Date: Fri, 11 Oct 2013 09:28:07 +1100
From: Dave Chinner <david@fromorbit.com>
To: "J. Bruce Fields" <bfields@fieldses.org>
Cc: "J. Bruce Fields" <bfields@redhat.com>, Al Viro <viro@ZenIV.linux.org.uk>,
        Christoph Hellwig <hch@infradead.org>, linux-fsdevel@vger.kernel.org,
        linux-nfs@vger.kernel.org, sandeen@redhat.com
Subject: Re: [PATCH 2/2] exportfs: fix 32-bit nfsd handling of 64-bit inode
 numbers
Message-ID: <20131010222807.GB4446@dastard>
References: <20131002210736.GA20598@fieldses.org>
 <1380749295-20854-1-git-send-email-bfields@redhat.com>
 <1380749295-20854-2-git-send-email-bfields@redhat.com>
 <20131004221216.GC18051@fieldses.org>
 <20131004221522.GD18051@fieldses.org>
 <20131008215656.GA3456@fieldses.org>
 <20131009001631.GD4446@dastard>
 <20131009145320.GD3456@fieldses.org>
MIME-Version: 1.0
Content-Type: text/plain; charset=us-ascii
In-Reply-To: <20131009145320.GD3456@fieldses.org>
Sender: linux-nfs-owner@vger.kernel.org

On Wed, Oct 09, 2013 at 10:53:20AM -0400, J. Bruce Fields wrote:
> On Wed, Oct 09, 2013 at 11:16:31AM +1100, Dave Chinner wrote:
> > On Tue, Oct 08, 2013 at 05:56:56PM -0400, J. Bruce Fields wrote:
> > > On Fri, Oct 04, 2013 at 06:15:22PM -0400, J. Bruce Fields wrote:
> > > > On Fri, Oct 04, 2013 at 06:12:16PM -0400, bfields wrote:
> > > > > On Wed, Oct 02, 2013 at 05:28:14PM -0400, J. Bruce Fields wrote:
> > > > > > @@ -268,6 +268,16 @@ static int get_name(const struct path *path, char *name, struct dentry *child)
> > > > > >  	if (!dir->i_fop)
> > > > > >  		goto out;
> > > > > >  	/*
> > > > > > +	 * inode->i_ino is unsigned long, kstat->ino is u64, so the
> > > > > > +	 * former would be insufficient on 32-bit hosts when the
> > > > > > +	 * filesystem supports 64-bit inode numbers.  So we need to
> > > > > > +	 * actually call ->getattr, not just read i_ino:
> > > > > > +	 */
> > > > > > +	error = vfs_getattr_nosec(path, &stat);
> > > > > 
> > > > > Doh, "path" here is for the parent....  The following works better!
> > > > 
> > > > By the way, I'm testing this with:
> > > > 
> > > > 	- create a bunch of nested subdirectories, use
> > > > 	  name_to_fhandle_at to get a handle for the bottom directory.
> > > > 	- echo 2 >/proc/sys/vm/drop_caches
> > > > 	- open_by_fhandle_at on the filehandle
> > > > 
> > > > But this only actually exercises the reconnect path on the first run
> > > > after boot.  Is there something obvious I'm missing here?
> > > 
> > > Looking at the code....  OK, most of the work of drop_caches is done by
> > > shrink_slab_node, which doesn't actually try to free every single thing
> > > that it could free--in particular, it won't try to free anything if it
> > > thinks there are less than shrinker->batch_size (1024 in the
> > > super_block->s_shrink case) objects to free.
> 
> (Oops, sorry, that should have been "less than half of
> shrinker->batch_size", see below.)
> 
> > That's not quite right.
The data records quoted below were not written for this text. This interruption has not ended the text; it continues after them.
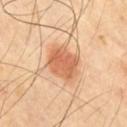<lesion>
<biopsy_status>not biopsied; imaged during a skin examination</biopsy_status>
<image>
  <source>total-body photography crop</source>
  <field_of_view_mm>15</field_of_view_mm>
</image>
<site>chest</site>
<lesion_size>
  <long_diameter_mm_approx>4.5</long_diameter_mm_approx>
</lesion_size>
<lighting>cross-polarized</lighting>
</lesion>
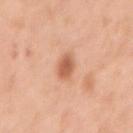<lesion>
  <biopsy_status>not biopsied; imaged during a skin examination</biopsy_status>
  <site>arm</site>
  <automated_metrics>
    <area_mm2_approx>5.0</area_mm2_approx>
    <shape_asymmetry>0.2</shape_asymmetry>
    <cielab_L>61</cielab_L>
    <cielab_a>26</cielab_a>
    <cielab_b>35</cielab_b>
    <vs_skin_darker_L>12.0</vs_skin_darker_L>
    <nevus_likeness_0_100>85</nevus_likeness_0_100>
    <lesion_detection_confidence_0_100>100</lesion_detection_confidence_0_100>
  </automated_metrics>
  <image>
    <source>total-body photography crop</source>
    <field_of_view_mm>15</field_of_view_mm>
  </image>
  <patient>
    <sex>female</sex>
    <age_approx>45</age_approx>
  </patient>
  <lighting>white-light</lighting>
</lesion>
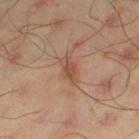patient:
  sex: male
  age_approx: 45
lesion_size:
  long_diameter_mm_approx: 3.0
site: left thigh
image:
  source: total-body photography crop
  field_of_view_mm: 15
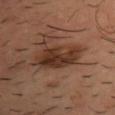The lesion was tiled from a total-body skin photograph and was not biopsied. The tile uses cross-polarized illumination. An algorithmic analysis of the crop reported a border-irregularity index near 4/10, a within-lesion color-variation index near 5/10, and peripheral color asymmetry of about 2. It also reported an automated nevus-likeness rating near 25 out of 100 and lesion-presence confidence of about 100/100. Located on the chest. A roughly 15 mm field-of-view crop from a total-body skin photograph. The lesion's longest dimension is about 6 mm. The patient is a male aged 38–42.
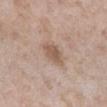Imaged during a routine full-body skin examination; the lesion was not biopsied and no histopathology is available.
This image is a 15 mm lesion crop taken from a total-body photograph.
The lesion's longest dimension is about 3 mm.
On the left lower leg.
Captured under white-light illumination.
The patient is a female approximately 55 years of age.
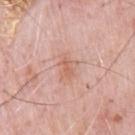The lesion was photographed on a routine skin check and not biopsied; there is no pathology result. A male patient, aged approximately 80. Located on the chest. Cropped from a total-body skin-imaging series; the visible field is about 15 mm. Automated tile analysis of the lesion measured a lesion color around L≈63 a*≈23 b*≈30 in CIELAB and about 7 CIELAB-L* units darker than the surrounding skin. The software also gave a color-variation rating of about 2.5/10 and peripheral color asymmetry of about 1. It also reported an automated nevus-likeness rating near 0 out of 100 and a lesion-detection confidence of about 100/100. Captured under white-light illumination. The recorded lesion diameter is about 2.5 mm.
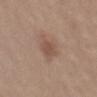Part of a total-body skin-imaging series; this lesion was reviewed on a skin check and was not flagged for biopsy. This image is a 15 mm lesion crop taken from a total-body photograph. A female patient, approximately 20 years of age. Captured under white-light illumination. Located on the lower back. The total-body-photography lesion software estimated an area of roughly 4.5 mm² and two-axis asymmetry of about 0.2. It also reported a within-lesion color-variation index near 1.5/10 and peripheral color asymmetry of about 0.5. And it measured a classifier nevus-likeness of about 20/100 and lesion-presence confidence of about 100/100.

Yes, the shrinker won't be called if the
> > calculated scan count is less than the batch size, but the left over
> > is added back the shrinker scan count to carry over to the next call
> > to the shrinker. Hence if you repeated call the shrinker on a small
> > cache with a large batch size, it will eventually aggregate the scan
> > counts to over the batch size and trim the cache....
> 
> No, in shrink_slab_count, we do this:
> 
> 	if (total_scan > max_pass * 2)
> 		total_scan = max_pass * 2;
> 
> 	while (total_scan >= batch_size) {
> 		...
> 	}
> 
> where max_pass is the value returned from count_objects.  So as long as
> count_objects returns less than half batch_size, nothing ever happens.

Ah, right - I hadn't considered what that does to small caches - the
intended purpose of that is to limit the scan size when caches are
extremely large and lots of deferral has occurred. Perhaps we need
to consider the batch size in this? e.g.:

	total_scan = min(total_scan, max(max_pass * 2, batch_size));

Hence for small caches (max_pass <<< batch_size), it evaluates as:

	total_scan = min(total_scan, batch_size);

and hence once aggregation of repeated calls pushes us over the
batch size we run the shrinker.

For large caches (max_pass >>> batch_size), it evaluates as:

	total_scan = min(total_scan, max_pass * 2);

which gives us the same behaviour as the current code.

I'll write up a patch to do this...

Cheers,

Dave.
-- 
Dave Chinner
david@fromorbit.com